Понятно ли было его чувство сыну? Костя равнодушно пропустил сквозь большеротого свой взгляд и задержал его на мотоцикле. Могильщик ясными глазами, в которых не ночевало и мысли, посмотрел на них без сочувствия и всякого интереса и стал отворачивать блестящий колпачок термоса. Отвернув, он опрокинул колпачок донышком вниз, поставил его на сиденье, залил доверху горячим чаем, снова схватил грязной рукой и начал торопливо прихлебывать из него, сдувая белый парок, обжигая и причмокивая.
Жалость и неприязнь к убогой трапезе и этому простоволосому парню смешались неотделимо. Сколько жив на земле его сын Костя, сколько долгих лет он, его отец, хирург — столько не может ни на день привыкнуть к чужим несчастьям, страданиям и горю, а этого землекопа даже видения смертей не пробирают — до чего же закален человек! Но ведь и могилы копать надо. Вот выкопает, сядет на замызганную «Яву», даст по газам и покатит, треща, в конторку закрывать наряд или куда еще покатит, а над остальным неужели ему не надо раздумывать? Быть такого не может, чтобы чужое горе ему было нужно как петуху курево — мол, своих забот полон рот, а пока жуй, коли жуется…
Он тогда вздохнул и отвернулся, тут же наткнувшись взглядом на гранитный томб с начертанным на нем пожеланием безвестного графомана:
«Живи так, чтобы, когда ты умер, твоим знакомым стало скучно».
— Да полно терзаться, батя! Ты, наверное, подумал, человек ли о н? — угадав его мысли, тихо сказал сын и взял его мягко под локоть, чего никогда прежде не делал.
— Человек, наверное, — ответил он Косте. — Ч е л о в е к!
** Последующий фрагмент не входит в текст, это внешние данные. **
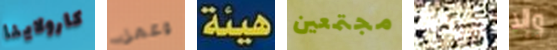
كارولاينا وعمل هيئة مجتمعين اتركنا وإلا
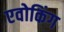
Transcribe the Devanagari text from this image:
एवोकिंग
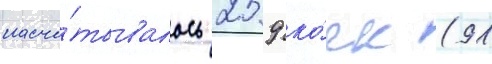
насчи́тывалось 259 ко́ек (91
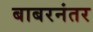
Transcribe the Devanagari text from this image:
बाबरनंतर
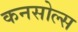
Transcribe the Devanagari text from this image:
कनसोल्स
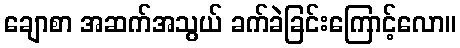
ချောစာ အဆက်အသွယ် ခက်ခဲခြင်းကြောင့်လော။
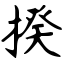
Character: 揆
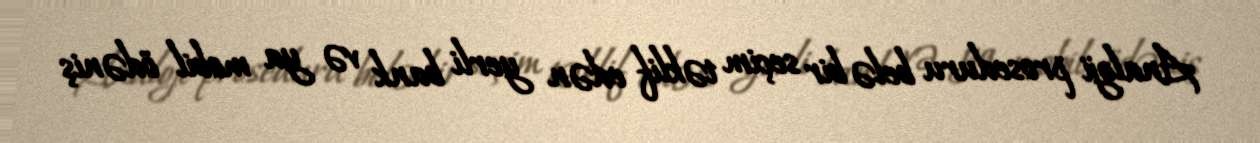
Analoji proseduru belə bir seçim təklif edən yerli bank və ya mobil ödəniş
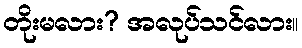
တိုးမလား? အလုပ်သင်လား။
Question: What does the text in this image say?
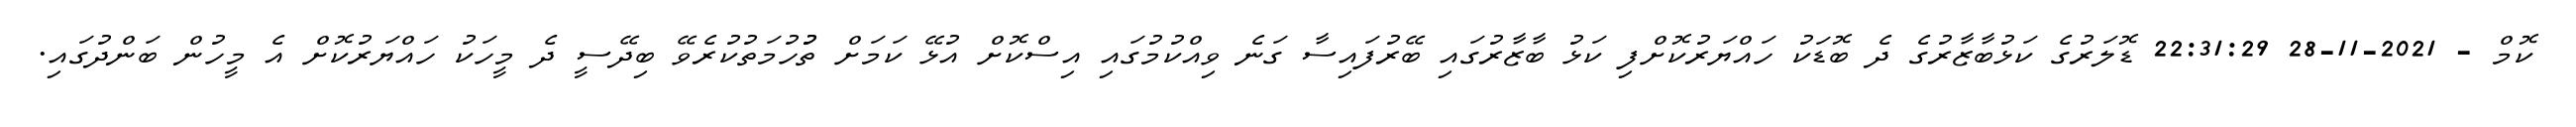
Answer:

— Увы, — так же тихо, не повышая голоса, но окончательно веря в сказанное, отрезал сын, отпуская его локоть, — думаю, не совсем человек… Хотя… Человек! С несокрушимой, крепкой психикой. Это уж точно! И глянь, луком репчатым ее укрепляет, однокле…
— Помолчи, Костя! — попросил он его очень внятно.
Аля все слышала.
«Зачем же ты, сын, так люто и так безжалостно?» Сквозь годы, семь лет уже, шлет он ему этот мучительный вопрос.
Сидела Аля рядом с шофером и беспокойно следила за движениями баранки в быстрых руках водителя, ловко угадывающих скорость и дорогу. Проскакивали светофоры, зеленый и красный свет заливал сверху ее бледный профиль и не задерживался на татуированном между большим и указательным пальцами морском якоре на правой руке чубатого, которого — о том сообщала татуировка — звали Мусой, и годом рождения Муса был тысяча девятьсот пятьдесят четвертого; значит, армию отслужил; скорее всего, был на флоте, в береговых частях, пришел работать на такси, а как новичку, ему для первости доверили старую колымагу.